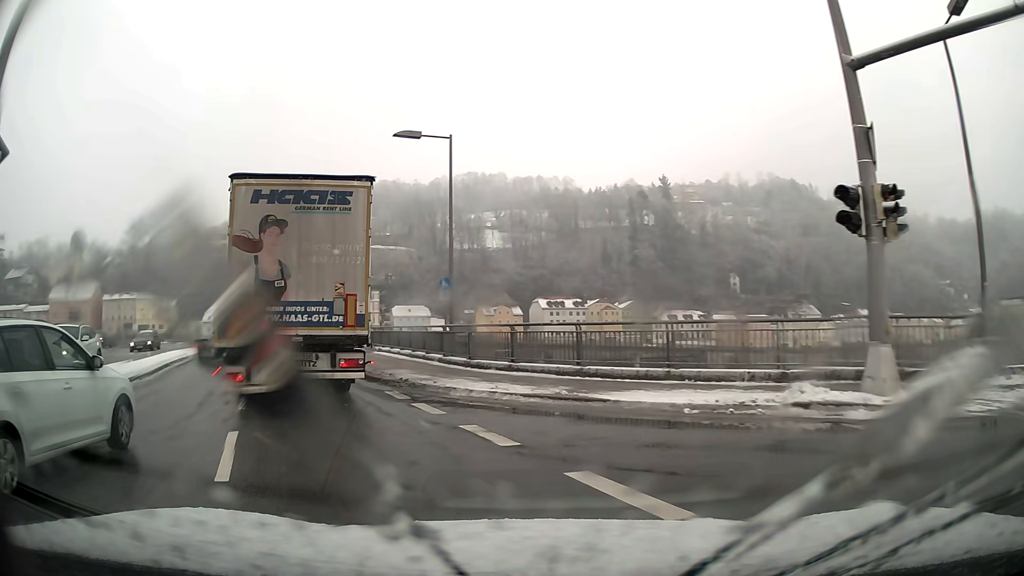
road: primary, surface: asphalt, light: Day
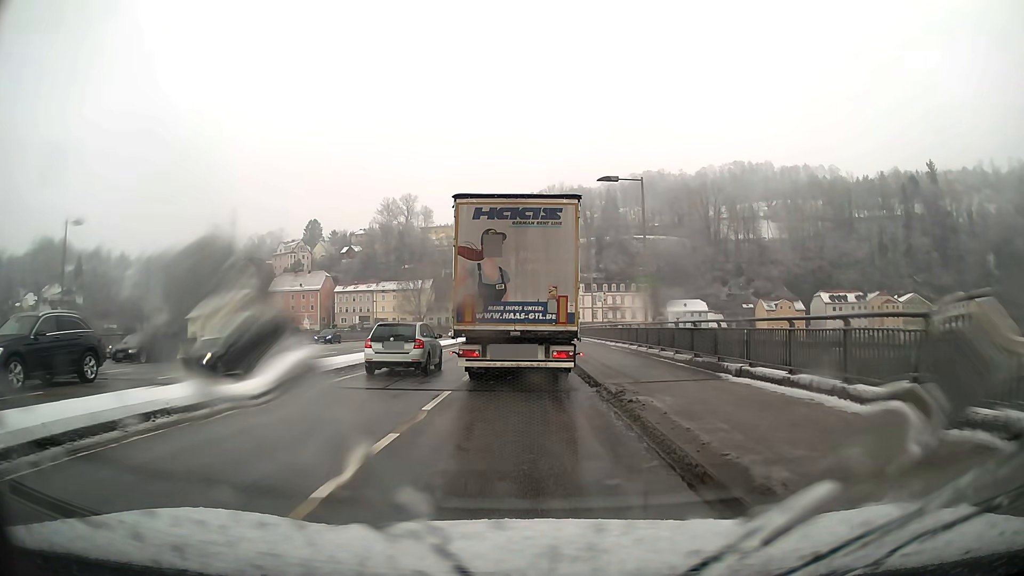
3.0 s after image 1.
(-4.7, +18.4) m; -18°
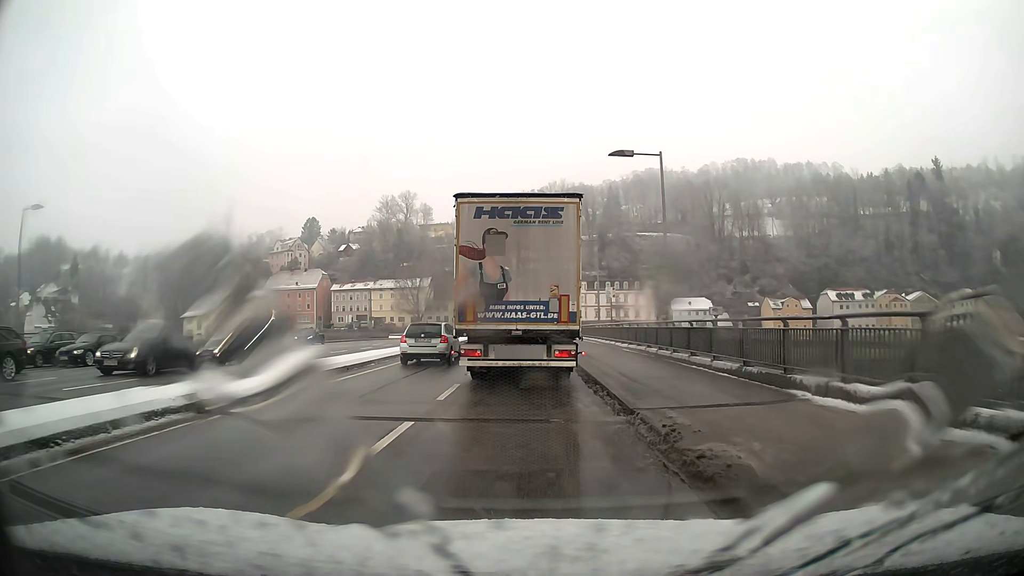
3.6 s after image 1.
(0.0, +4.4) m; 0°

= = = = =

• [YOUR INSTRUCTIONS]:
Output the material above word for word. Leave out its images.

• [WRITTEN RESPONSE]:
road: primary, surface: asphalt, light: Day
3.0 s after image 1.
(-4.7, +18.4) m; -18°
3.6 s after image 1.
(0.0, +4.4) m; 0°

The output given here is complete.